5.1. Ways implemented intend to improve the model performance

• Text Cleaning: pre-processing section helped reduce the noise present in text data in the form of stop words, punctuations marks, suffix variations etc; H-stacking Text/NLP features with text feature vectors : In the feature engineering section, the generated feature vectors were combined together can help to improve the accuracy of the classifier, however, the result didn’t show much improvement. (Therefore additional features were dropped);

• Tuning the hyper-parameters is an important step, a number of parameters such as tree length, leaves, network parameters were all fine-tuned and did result in a higher accuracy;

• Ensemble Model: Stacked seven different models and blended their outputs to further improve the results.

5.2. CNN performance:

• Networks with convolutional and pooling layers are useful for classification tasks, CNN could learn that certain sequences of words are good indicators of the topic, and do not necessarily care where they appear in the document.
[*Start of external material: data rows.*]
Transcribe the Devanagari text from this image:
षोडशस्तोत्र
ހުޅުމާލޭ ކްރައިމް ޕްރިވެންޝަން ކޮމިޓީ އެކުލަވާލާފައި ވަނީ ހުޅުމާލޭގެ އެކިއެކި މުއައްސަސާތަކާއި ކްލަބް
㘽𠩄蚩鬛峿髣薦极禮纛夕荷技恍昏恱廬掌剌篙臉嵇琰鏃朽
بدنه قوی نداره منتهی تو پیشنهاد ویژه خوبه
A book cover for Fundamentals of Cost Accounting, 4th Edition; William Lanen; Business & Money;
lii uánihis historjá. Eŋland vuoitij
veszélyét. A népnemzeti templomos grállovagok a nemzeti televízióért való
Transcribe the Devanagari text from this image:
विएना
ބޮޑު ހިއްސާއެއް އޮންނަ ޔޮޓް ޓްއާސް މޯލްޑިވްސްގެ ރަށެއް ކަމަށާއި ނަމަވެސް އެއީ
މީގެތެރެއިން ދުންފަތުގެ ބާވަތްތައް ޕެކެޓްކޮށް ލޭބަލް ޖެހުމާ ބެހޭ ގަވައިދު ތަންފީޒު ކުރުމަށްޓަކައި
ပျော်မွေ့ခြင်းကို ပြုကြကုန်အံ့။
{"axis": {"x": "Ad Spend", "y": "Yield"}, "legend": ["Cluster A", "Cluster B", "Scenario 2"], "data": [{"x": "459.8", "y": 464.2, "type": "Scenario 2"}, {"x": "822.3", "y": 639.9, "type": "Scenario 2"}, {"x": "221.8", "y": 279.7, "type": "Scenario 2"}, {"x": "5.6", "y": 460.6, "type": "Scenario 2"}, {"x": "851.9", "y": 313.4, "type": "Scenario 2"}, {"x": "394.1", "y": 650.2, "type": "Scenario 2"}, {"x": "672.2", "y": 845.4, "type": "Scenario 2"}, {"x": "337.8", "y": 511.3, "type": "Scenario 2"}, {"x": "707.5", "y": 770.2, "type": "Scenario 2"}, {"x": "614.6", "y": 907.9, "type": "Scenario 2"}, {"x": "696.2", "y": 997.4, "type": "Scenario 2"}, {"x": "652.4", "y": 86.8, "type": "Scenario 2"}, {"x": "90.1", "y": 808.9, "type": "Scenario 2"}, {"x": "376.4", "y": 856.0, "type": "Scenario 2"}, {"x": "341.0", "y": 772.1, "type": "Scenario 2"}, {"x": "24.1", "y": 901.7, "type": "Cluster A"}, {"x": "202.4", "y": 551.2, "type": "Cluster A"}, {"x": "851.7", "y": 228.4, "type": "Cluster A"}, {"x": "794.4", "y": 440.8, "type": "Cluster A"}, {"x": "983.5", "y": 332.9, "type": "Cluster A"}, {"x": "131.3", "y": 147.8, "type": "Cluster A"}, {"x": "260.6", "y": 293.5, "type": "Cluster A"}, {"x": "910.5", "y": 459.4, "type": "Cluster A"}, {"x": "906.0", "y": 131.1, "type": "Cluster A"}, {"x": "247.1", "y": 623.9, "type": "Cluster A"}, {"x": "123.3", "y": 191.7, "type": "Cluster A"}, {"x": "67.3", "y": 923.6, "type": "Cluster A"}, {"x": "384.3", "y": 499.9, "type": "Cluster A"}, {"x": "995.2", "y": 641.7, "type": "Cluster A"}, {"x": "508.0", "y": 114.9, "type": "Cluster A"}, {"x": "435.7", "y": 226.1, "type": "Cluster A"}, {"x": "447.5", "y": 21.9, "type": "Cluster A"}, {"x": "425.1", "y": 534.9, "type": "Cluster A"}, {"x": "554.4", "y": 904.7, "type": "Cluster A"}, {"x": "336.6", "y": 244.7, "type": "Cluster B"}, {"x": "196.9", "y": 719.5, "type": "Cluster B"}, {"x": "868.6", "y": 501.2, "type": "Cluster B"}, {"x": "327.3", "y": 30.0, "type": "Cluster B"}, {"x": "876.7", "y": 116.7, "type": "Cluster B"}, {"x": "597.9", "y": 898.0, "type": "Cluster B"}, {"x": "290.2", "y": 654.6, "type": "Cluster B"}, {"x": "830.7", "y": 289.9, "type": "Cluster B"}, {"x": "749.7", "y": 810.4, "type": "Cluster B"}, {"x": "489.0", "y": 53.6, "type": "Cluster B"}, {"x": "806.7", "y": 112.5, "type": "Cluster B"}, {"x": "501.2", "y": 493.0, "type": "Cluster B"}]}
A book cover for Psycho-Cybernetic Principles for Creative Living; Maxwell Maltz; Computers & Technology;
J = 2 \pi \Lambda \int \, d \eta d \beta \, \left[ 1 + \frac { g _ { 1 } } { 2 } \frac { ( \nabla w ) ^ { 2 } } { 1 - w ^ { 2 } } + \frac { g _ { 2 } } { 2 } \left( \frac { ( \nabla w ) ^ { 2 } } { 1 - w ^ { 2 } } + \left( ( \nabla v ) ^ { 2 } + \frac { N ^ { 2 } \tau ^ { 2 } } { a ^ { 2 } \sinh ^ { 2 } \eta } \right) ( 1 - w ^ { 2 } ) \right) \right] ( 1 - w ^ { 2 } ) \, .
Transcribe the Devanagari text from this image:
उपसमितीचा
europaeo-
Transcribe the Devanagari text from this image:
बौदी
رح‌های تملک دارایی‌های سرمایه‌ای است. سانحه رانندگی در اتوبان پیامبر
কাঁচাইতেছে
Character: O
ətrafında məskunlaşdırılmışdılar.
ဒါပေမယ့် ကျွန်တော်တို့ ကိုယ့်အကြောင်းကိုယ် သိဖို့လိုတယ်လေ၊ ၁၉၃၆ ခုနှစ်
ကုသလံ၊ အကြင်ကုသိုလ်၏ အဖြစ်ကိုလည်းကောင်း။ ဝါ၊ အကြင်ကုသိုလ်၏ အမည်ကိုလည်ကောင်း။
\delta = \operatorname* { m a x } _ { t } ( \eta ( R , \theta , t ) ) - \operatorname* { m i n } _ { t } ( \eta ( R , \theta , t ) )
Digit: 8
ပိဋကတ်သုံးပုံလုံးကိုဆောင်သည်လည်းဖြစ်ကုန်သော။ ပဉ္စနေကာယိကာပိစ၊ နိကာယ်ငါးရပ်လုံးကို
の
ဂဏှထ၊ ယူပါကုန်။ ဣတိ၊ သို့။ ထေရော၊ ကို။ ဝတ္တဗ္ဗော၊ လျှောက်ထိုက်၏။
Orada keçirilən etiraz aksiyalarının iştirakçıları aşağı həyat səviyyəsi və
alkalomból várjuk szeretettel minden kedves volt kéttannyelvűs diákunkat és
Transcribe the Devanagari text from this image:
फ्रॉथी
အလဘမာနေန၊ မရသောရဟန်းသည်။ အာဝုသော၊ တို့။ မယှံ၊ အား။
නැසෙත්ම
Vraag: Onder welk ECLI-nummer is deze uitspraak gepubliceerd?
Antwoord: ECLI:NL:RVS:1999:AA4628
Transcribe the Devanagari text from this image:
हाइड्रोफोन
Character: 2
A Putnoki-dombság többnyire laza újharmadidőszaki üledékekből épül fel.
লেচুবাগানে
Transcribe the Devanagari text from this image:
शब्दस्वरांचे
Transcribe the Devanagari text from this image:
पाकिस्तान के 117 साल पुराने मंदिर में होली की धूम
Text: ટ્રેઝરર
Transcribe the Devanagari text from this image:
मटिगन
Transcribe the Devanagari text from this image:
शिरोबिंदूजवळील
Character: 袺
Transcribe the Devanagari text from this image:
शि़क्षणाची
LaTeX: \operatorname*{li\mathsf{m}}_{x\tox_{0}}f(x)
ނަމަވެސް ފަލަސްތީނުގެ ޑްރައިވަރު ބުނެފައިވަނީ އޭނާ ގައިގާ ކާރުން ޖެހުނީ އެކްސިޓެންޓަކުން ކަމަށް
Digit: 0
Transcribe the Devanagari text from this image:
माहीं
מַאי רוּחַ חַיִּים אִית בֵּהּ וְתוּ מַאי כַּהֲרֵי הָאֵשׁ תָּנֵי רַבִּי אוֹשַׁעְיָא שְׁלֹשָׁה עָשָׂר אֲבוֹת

Convolutional and pooling layers allow the model to learn to find such local indicators, regardless of their position;

• The maximum length of sequence was set to 1,000, and embedding dimension set to 50 (due to pre-trained word embedding was in 50-dimension space); The validation accuracy improves steadily from 0.60 to 0.66 with epoch increasing from 1 to 3, with greater computing power, the training accuracy could be further improved.